Records from a dataset

--

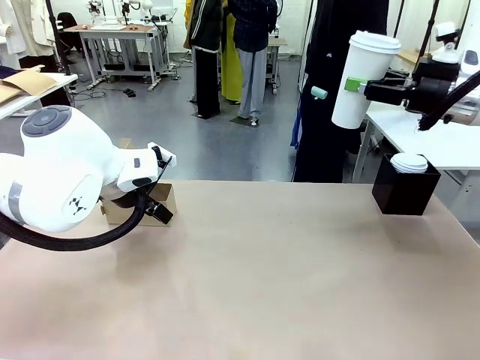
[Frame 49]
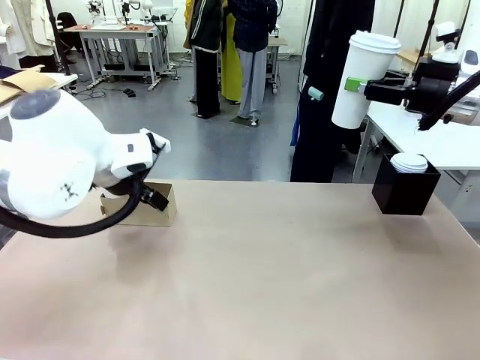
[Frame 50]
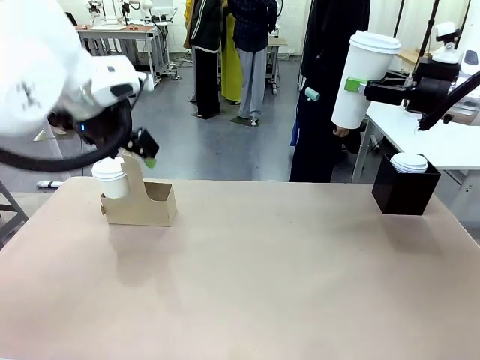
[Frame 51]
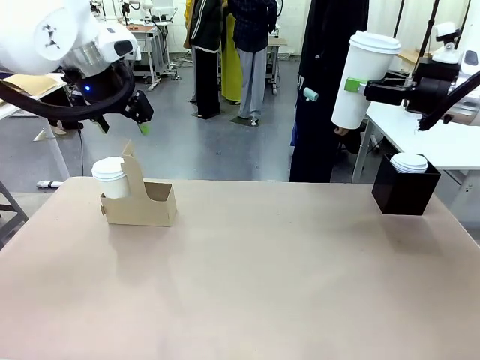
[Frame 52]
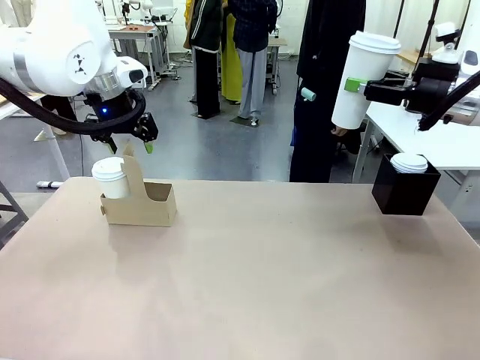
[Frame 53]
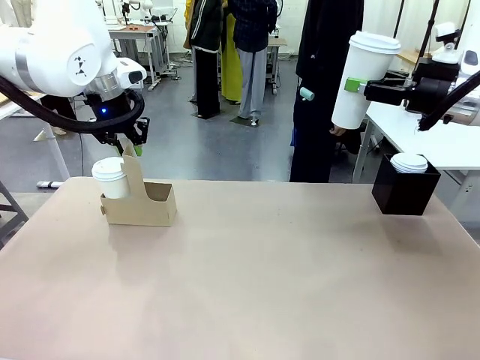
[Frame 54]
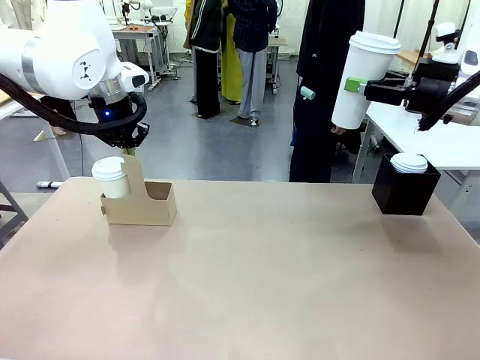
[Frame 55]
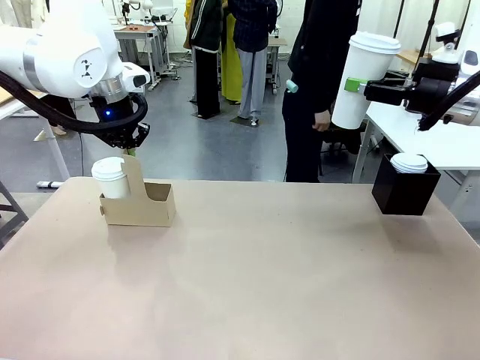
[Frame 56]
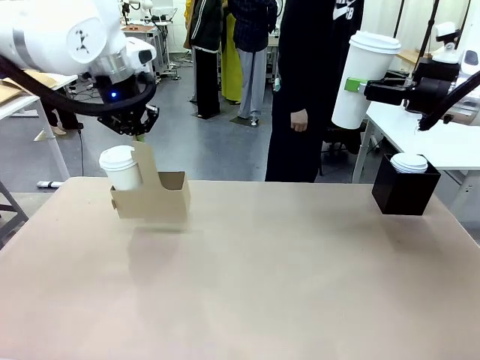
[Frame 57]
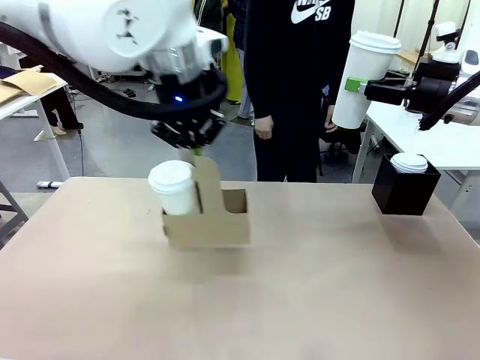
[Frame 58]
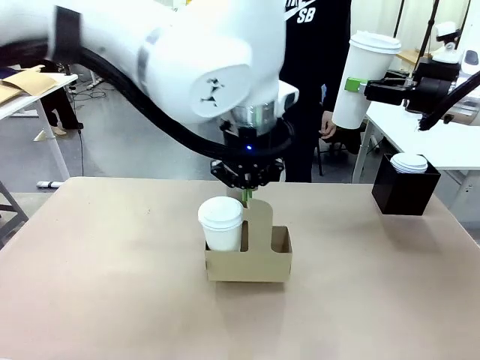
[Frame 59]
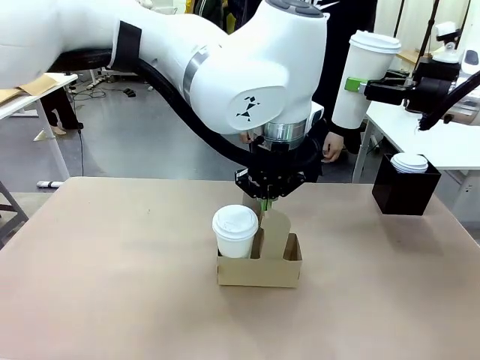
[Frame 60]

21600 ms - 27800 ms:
Task: Pour a drink into a cup and package it in a carrier.
Robot: Position the Cup Carrier in the center of the table.
Person: Pick up the Filter Brewing and place on the middle of Human table, and return to the Robot table.

--

### [TASK DESCRIPTION]
Copy all lines of the records in which the string "Frame" can be found.

### [TASK RESPONSE]
[Frame 49]
[Frame 50]
[Frame 51]
[Frame 52]
[Frame 53]
[Frame 54]
[Frame 55]
[Frame 56]
[Frame 57]
[Frame 58]
[Frame 59]
[Frame 60]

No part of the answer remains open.